#### [About this exercise]
Gather each line of the records where "spacing" appears.

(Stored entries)
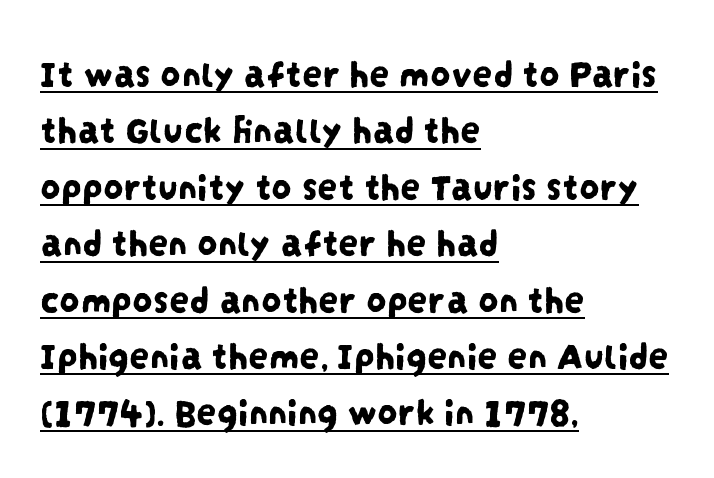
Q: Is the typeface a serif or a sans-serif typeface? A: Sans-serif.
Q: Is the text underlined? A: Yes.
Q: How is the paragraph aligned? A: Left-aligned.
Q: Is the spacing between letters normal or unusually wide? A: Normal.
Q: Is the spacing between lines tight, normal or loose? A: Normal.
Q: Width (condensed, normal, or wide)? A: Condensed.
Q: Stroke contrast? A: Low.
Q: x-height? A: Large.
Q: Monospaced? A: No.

#### [Written response]
Q: Is the spacing between letters normal or unusually wide? A: Normal.
Q: Is the spacing between lines tight, normal or loose? A: Normal.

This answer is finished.